Peneliti Center for Indonesian Policy Studies (CIPS) Galuh Octania mendesak pemerintah agar dapat memprioritaskan perbaikan data pangan sebagai landasan yang tepat untuk keputusan terkait impor.
"Perbaikan data pangan juga perlu dilakukan sebagai tindak lanjut dari berbagai rekomendasi yang sudah dikeluarkan oleh Badan Pemeriksa Keuangan (BPK) terkait impor," kata Galuh Octania dalam siaran pers di Jakarta, Jumat.
Menurut Galuh Octania, perbedaan data komoditas pangan antara satu institusi dengan institusi lainnya di Tanah Air sudah sering terjadi, namun permasalahan tersebut hingga kini tidak kunjung juga menemukan solusi dan malah berulang lagi.
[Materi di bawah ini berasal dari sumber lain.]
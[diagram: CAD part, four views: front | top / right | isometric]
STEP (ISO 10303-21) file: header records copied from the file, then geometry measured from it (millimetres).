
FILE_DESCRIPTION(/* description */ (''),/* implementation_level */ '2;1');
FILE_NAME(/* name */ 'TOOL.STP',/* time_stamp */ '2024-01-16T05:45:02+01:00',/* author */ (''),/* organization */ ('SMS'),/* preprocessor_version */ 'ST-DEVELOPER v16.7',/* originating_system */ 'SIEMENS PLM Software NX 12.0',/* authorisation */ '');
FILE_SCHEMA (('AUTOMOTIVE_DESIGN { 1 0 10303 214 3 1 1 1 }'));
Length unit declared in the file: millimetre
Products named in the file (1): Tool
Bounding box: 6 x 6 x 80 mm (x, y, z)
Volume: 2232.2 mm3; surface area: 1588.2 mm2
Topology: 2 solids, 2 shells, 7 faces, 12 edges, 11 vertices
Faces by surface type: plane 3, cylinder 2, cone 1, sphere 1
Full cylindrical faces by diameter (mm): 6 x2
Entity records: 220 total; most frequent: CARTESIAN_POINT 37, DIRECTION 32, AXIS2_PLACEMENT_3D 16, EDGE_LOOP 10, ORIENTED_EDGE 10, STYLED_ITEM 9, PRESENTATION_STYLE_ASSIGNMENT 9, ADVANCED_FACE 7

Ia berpendapat bahwa persoalan antara Bulog, Kementerian Perdagangan (Kemendag) dan Kementerian Pertanian (Kementan) terkait data terjadi karena perbedaan tugas dan kewenangan, sedangkan kebijakan impor diputuskan dalam rapat koordinasi yang melibatkan ketiga institusi tersebut.
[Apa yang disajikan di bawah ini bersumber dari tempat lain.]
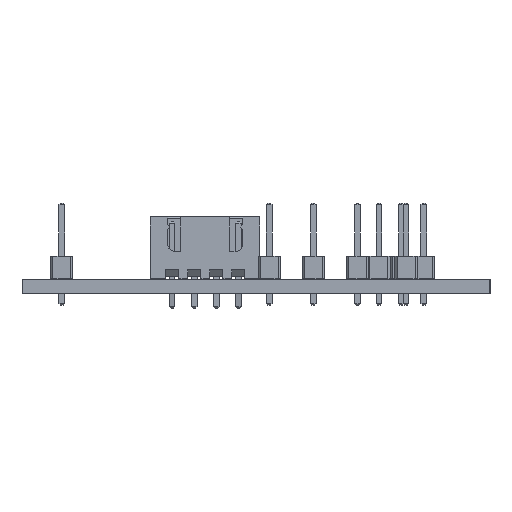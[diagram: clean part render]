
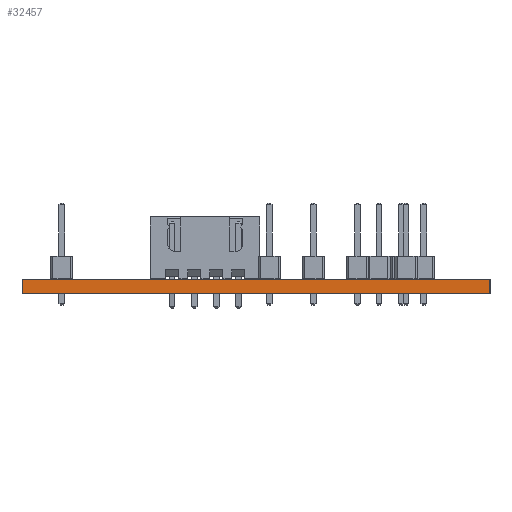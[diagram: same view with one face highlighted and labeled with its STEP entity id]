
A CAD part, left-side view. The second image highlights one B-rep face of the part: STEP entity #32457.
In plain terms, the highlighted planar face has unit normal (-1, 0, 0).
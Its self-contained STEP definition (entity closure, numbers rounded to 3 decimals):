
#32276 = PLANE('',#32277);
#32277 = AXIS2_PLACEMENT_3D('',#32278,#32279,#32280);
#32278 = CARTESIAN_POINT('',(175.,-40.,0.));
#32279 = DIRECTION('',(0.,-1.,0.));
#32280 = DIRECTION('',(-1.,0.,0.));
#32301 = VERTEX_POINT('',#32302);
#32302 = CARTESIAN_POINT('',(80.,-40.,1.6));
#32316 = PLANE('',#32317);
#32317 = AXIS2_PLACEMENT_3D('',#32318,#32319,#32320);
#32318 = CARTESIAN_POINT('',(127.5,-66.5,1.6));
#32319 = DIRECTION('',(0.,0.,1.));
#32320 = DIRECTION('',(1.,0.,-0.));
#32328 = EDGE_CURVE('',#32329,#32301,#32331,.T.);
#32329 = VERTEX_POINT('',#32330);
#32330 = CARTESIAN_POINT('',(80.,-40.,0.));
#32331 = SURFACE_CURVE('',#32332,(#32336,#32343),.PCURVE_S1.);
#32332 = LINE('',#32333,#32334);
#32333 = CARTESIAN_POINT('',(80.,-40.,0.));
#32334 = VECTOR('',#32335,1.);
#32335 = DIRECTION('',(0.,0.,1.));
#32336 = PCURVE('',#32276,#32337);
#32337 = DEFINITIONAL_REPRESENTATION('',(#32338),#32342);
#32338 = LINE('',#32339,#32340);
#32339 = CARTESIAN_POINT('',(95.,0.));
#32340 = VECTOR('',#32341,1.);
#32341 = DIRECTION('',(0.,-1.));
#32342 = ( GEOMETRIC_REPRESENTATION_CONTEXT(2) 
PARAMETRIC_REPRESENTATION_CONTEXT() REPRESENTATION_CONTEXT('2D SPACE',''
  ) );
#32343 = PCURVE('',#32344,#32349);
#32344 = PLANE('',#32345);
#32345 = AXIS2_PLACEMENT_3D('',#32346,#32347,#32348);
#32346 = CARTESIAN_POINT('',(80.,-40.,0.));
#32347 = DIRECTION('',(1.,0.,-0.));
#32348 = DIRECTION('',(0.,-1.,0.));
#32349 = DEFINITIONAL_REPRESENTATION('',(#32350),#32354);
#32350 = LINE('',#32351,#32352);
#32351 = CARTESIAN_POINT('',(0.,0.));
#32352 = VECTOR('',#32353,1.);
#32353 = DIRECTION('',(0.,-1.));
#32354 = ( GEOMETRIC_REPRESENTATION_CONTEXT(2) 
PARAMETRIC_REPRESENTATION_CONTEXT() REPRESENTATION_CONTEXT('2D SPACE',''
  ) );
#32370 = PLANE('',#32371);
#32371 = AXIS2_PLACEMENT_3D('',#32372,#32373,#32374);
#32372 = CARTESIAN_POINT('',(127.5,-66.5,0.));
#32373 = DIRECTION('',(0.,0.,1.));
#32374 = DIRECTION('',(1.,0.,-0.));
#32403 = PLANE('',#32404);
#32404 = AXIS2_PLACEMENT_3D('',#32405,#32406,#32407);
#32405 = CARTESIAN_POINT('',(80.,-93.,0.));
#32406 = DIRECTION('',(0.,1.,0.));
#32407 = DIRECTION('',(1.,0.,0.));
#32457 = ADVANCED_FACE('',(#32458),#32344,.F.);
#32458 = FACE_BOUND('',#32459,.F.);
#32459 = EDGE_LOOP('',(#32460,#32461,#32484,#32507));
#32460 = ORIENTED_EDGE('',*,*,#32328,.T.);
#32461 = ORIENTED_EDGE('',*,*,#32462,.T.);
#32462 = EDGE_CURVE('',#32301,#32463,#32465,.T.);
#32463 = VERTEX_POINT('',#32464);
#32464 = CARTESIAN_POINT('',(80.,-93.,1.6));
#32465 = SURFACE_CURVE('',#32466,(#32470,#32477),.PCURVE_S1.);
#32466 = LINE('',#32467,#32468);
#32467 = CARTESIAN_POINT('',(80.,-40.,1.6));
#32468 = VECTOR('',#32469,1.);
#32469 = DIRECTION('',(0.,-1.,0.));
#32470 = PCURVE('',#32344,#32471);
#32471 = DEFINITIONAL_REPRESENTATION('',(#32472),#32476);
#32472 = LINE('',#32473,#32474);
#32473 = CARTESIAN_POINT('',(0.,-1.6));
#32474 = VECTOR('',#32475,1.);
#32475 = DIRECTION('',(1.,0.));
#32476 = ( GEOMETRIC_REPRESENTATION_CONTEXT(2) 
PARAMETRIC_REPRESENTATION_CONTEXT() REPRESENTATION_CONTEXT('2D SPACE',''
  ) );
#32477 = PCURVE('',#32316,#32478);
#32478 = DEFINITIONAL_REPRESENTATION('',(#32479),#32483);
#32479 = LINE('',#32480,#32481);
#32480 = CARTESIAN_POINT('',(-47.5,26.5));
#32481 = VECTOR('',#32482,1.);
#32482 = DIRECTION('',(0.,-1.));
#32483 = ( GEOMETRIC_REPRESENTATION_CONTEXT(2) 
PARAMETRIC_REPRESENTATION_CONTEXT() REPRESENTATION_CONTEXT('2D SPACE',''
  ) );
#32484 = ORIENTED_EDGE('',*,*,#32485,.F.);
#32485 = EDGE_CURVE('',#32486,#32463,#32488,.T.);
#32486 = VERTEX_POINT('',#32487);
#32487 = CARTESIAN_POINT('',(80.,-93.,0.));
#32488 = SURFACE_CURVE('',#32489,(#32493,#32500),.PCURVE_S1.);
#32489 = LINE('',#32490,#32491);
#32490 = CARTESIAN_POINT('',(80.,-93.,0.));
#32491 = VECTOR('',#32492,1.);
#32492 = DIRECTION('',(0.,0.,1.));
#32493 = PCURVE('',#32344,#32494);
#32494 = DEFINITIONAL_REPRESENTATION('',(#32495),#32499);
#32495 = LINE('',#32496,#32497);
#32496 = CARTESIAN_POINT('',(53.,0.));
#32497 = VECTOR('',#32498,1.);
#32498 = DIRECTION('',(0.,-1.));
#32499 = ( GEOMETRIC_REPRESENTATION_CONTEXT(2) 
PARAMETRIC_REPRESENTATION_CONTEXT() REPRESENTATION_CONTEXT('2D SPACE',''
  ) );
#32500 = PCURVE('',#32403,#32501);
#32501 = DEFINITIONAL_REPRESENTATION('',(#32502),#32506);
#32502 = LINE('',#32503,#32504);
#32503 = CARTESIAN_POINT('',(0.,0.));
#32504 = VECTOR('',#32505,1.);
#32505 = DIRECTION('',(0.,-1.));
#32506 = ( GEOMETRIC_REPRESENTATION_CONTEXT(2) 
PARAMETRIC_REPRESENTATION_CONTEXT() REPRESENTATION_CONTEXT('2D SPACE',''
  ) );
#32507 = ORIENTED_EDGE('',*,*,#32508,.F.);
#32508 = EDGE_CURVE('',#32329,#32486,#32509,.T.);
#32509 = SURFACE_CURVE('',#32510,(#32514,#32521),.PCURVE_S1.);
#32510 = LINE('',#32511,#32512);
#32511 = CARTESIAN_POINT('',(80.,-40.,0.));
#32512 = VECTOR('',#32513,1.);
#32513 = DIRECTION('',(0.,-1.,0.));
#32514 = PCURVE('',#32344,#32515);
#32515 = DEFINITIONAL_REPRESENTATION('',(#32516),#32520);
#32516 = LINE('',#32517,#32518);
#32517 = CARTESIAN_POINT('',(0.,0.));
#32518 = VECTOR('',#32519,1.);
#32519 = DIRECTION('',(1.,0.));
#32520 = ( GEOMETRIC_REPRESENTATION_CONTEXT(2) 
PARAMETRIC_REPRESENTATION_CONTEXT() REPRESENTATION_CONTEXT('2D SPACE',''
  ) );
#32521 = PCURVE('',#32370,#32522);
#32522 = DEFINITIONAL_REPRESENTATION('',(#32523),#32527);
#32523 = LINE('',#32524,#32525);
#32524 = CARTESIAN_POINT('',(-47.5,26.5));
#32525 = VECTOR('',#32526,1.);
#32526 = DIRECTION('',(0.,-1.));
#32527 = ( GEOMETRIC_REPRESENTATION_CONTEXT(2) 
PARAMETRIC_REPRESENTATION_CONTEXT() REPRESENTATION_CONTEXT('2D SPACE',''
  ) );

"Data pangan yang bersumber dari satu pihak, akurat dan diperbaharui secara berkala sangat penting untuk menentukan kebijakan pangan yang akan diambil pemerintah. Selain sebagai dasar pengambilan kebijakan, data pangan yang bersumber dari satu pihak dan akurat juga penting untuk mengukur produktivitas pangan, mengidentifikasi daerah-daerah penghasil komoditas pangan dan juga mengetahui kondisi petani," jelas Galuh.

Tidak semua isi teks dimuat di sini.